Regulators are stuck in the silly season
TODAY is officially back to school day for City workers and businesses across London, with the last holidaymakers finally back at their desks – it is a shame, therefore, that so many politicians, regulators and commentators remain so hopelessly stuck in the silly season.
As so often these days, it is Lord Turner, the City’s very own “Red Adair”, to which one must turn first. The FSA’s chairman is continuing to defend his flawed view that the financial services industry has “grown beyond a socially reasonable size” and that the industry must be cut back with the help of crippling “Tobin taxes” on financial transactions.
The idea isn’t new. It crops up every few years and is derived from the age-old fallacy that financiers and bankers serve no real purpose – other than to shuffle money around uselessly, while taking a cut in the process. Turner and Tobin’s analysis and prescriptions are wrong, for many reasons, as others have already pointed out. But two fresh points deserve a hearing.
It is true that parts of the financial system had grown too big but not in the way Turner believes. Bubbles always lead to excessive growth and exuberant investment in certain parts of the economy – in some cases it is the production of tulips, in others railways or dot.coms and in recent years it was construction, property-related derivatives, credit card debt, bank balance sheets and so on. All of these are now being downsized without the help of new regulations.
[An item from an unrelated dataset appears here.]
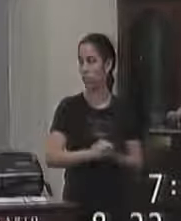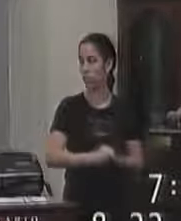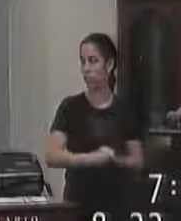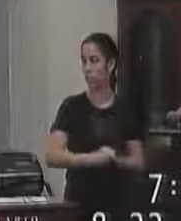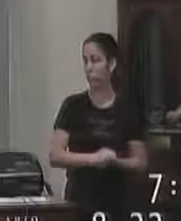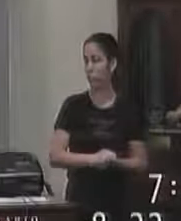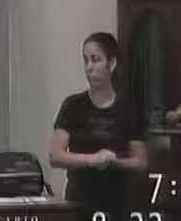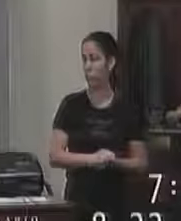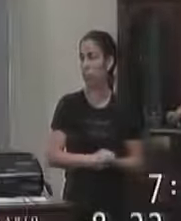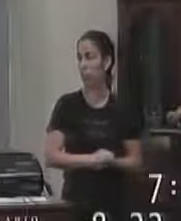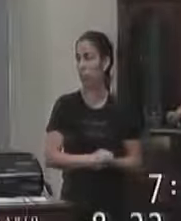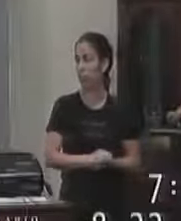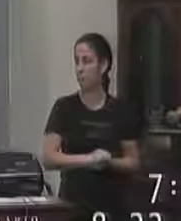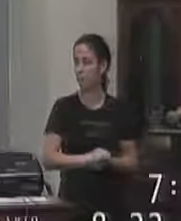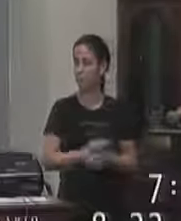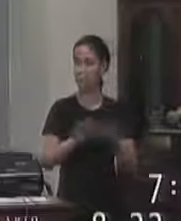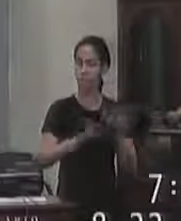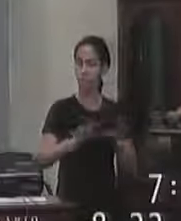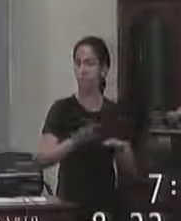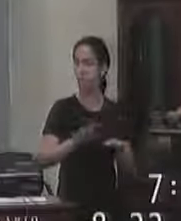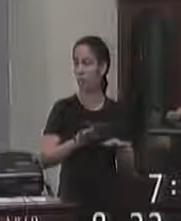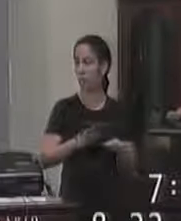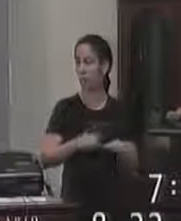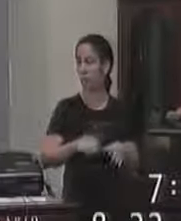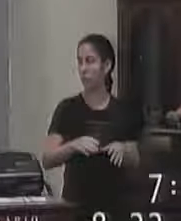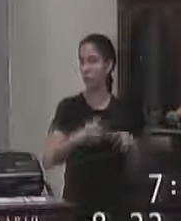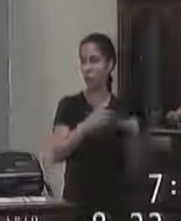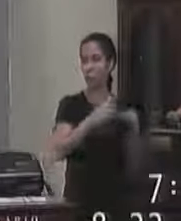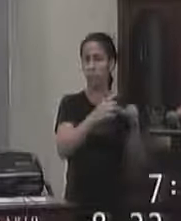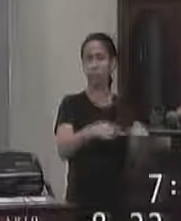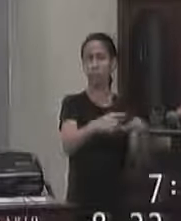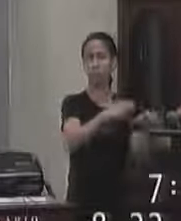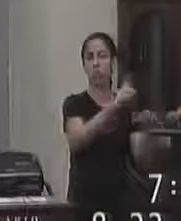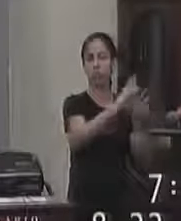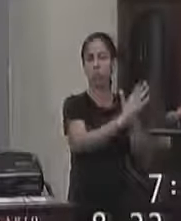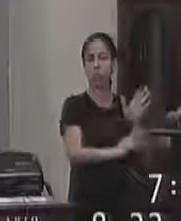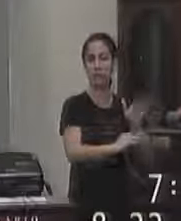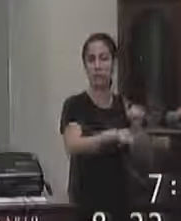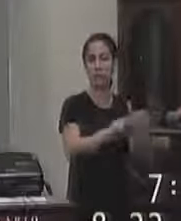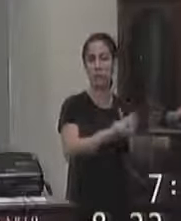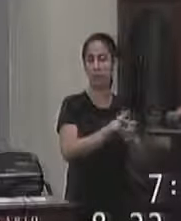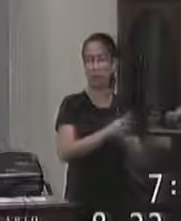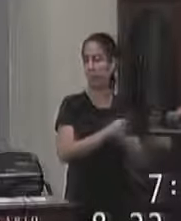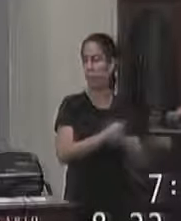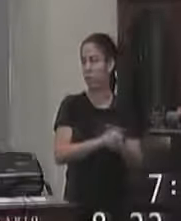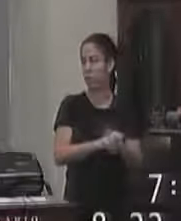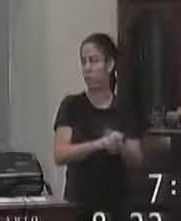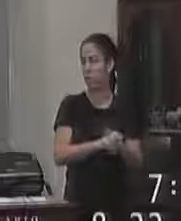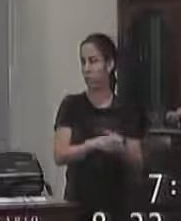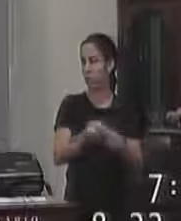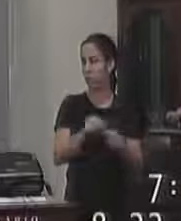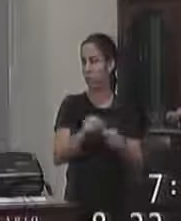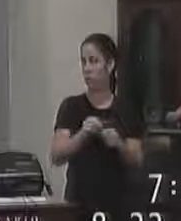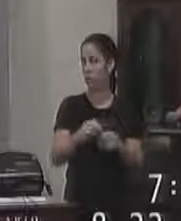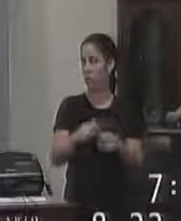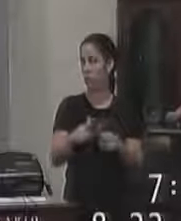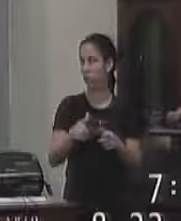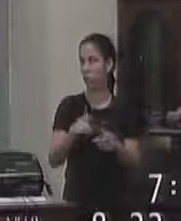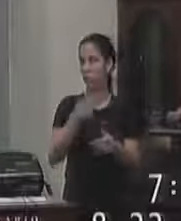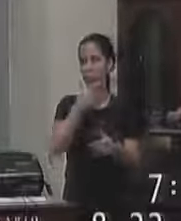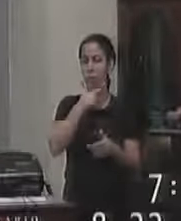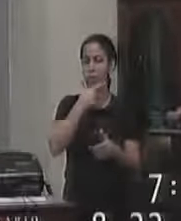repente é numa outra região do nosso município voltada para a fabricação de queijo

Turner’s real problem is that he suffers from what F.A. Hayek, the Nobel-prize winning economist, described as a “fatal conceit”: a belief that he understands the economy better than it is possible for anybody to do so. Nobody, not even the best or brightest banker or regulator, has any idea what the City’s “right size” is; the kind of knowledge one would need to make that sort of judgement is not available to any one mind, however bright. Soviet central planners used to believe that they could gauge what a society’s wants and needs were, and then provide for them. Supply and demand were meant to be reconciled without the existence of decentralised markets and prices; it all ended it disaster. Turner is making the same intellectual error that doomed Marxism.
There are plenty of other silly season stories about. In a populist bid to distract attention from their own failings and ever-rising unemployment, many governments, especially Germany and France, are pushing for a fresh “crackdown” on bonuses. I have little doubt the G20 will come up with some sort of “agreement”; but few such resolutions ever make it into legislation in every member state. There is also a very big difference between changing the structure of payouts – the UK’s current position – and actually capping or banning bonuses. Most of the lofty promises made at the London G20 meeting have failed to be implemented; expect the next summit to be no different.
Forecasters are equally all over the place. Some remain wedded to untenably ultra-bearish positions; the remainder have reverted to their natural, institutional optimism and have started spouting the same ultra-bullish predictions that helped stoke the bubble. The truth will be somewhere in the middle, as I have been arguing since January. It’s good to be back.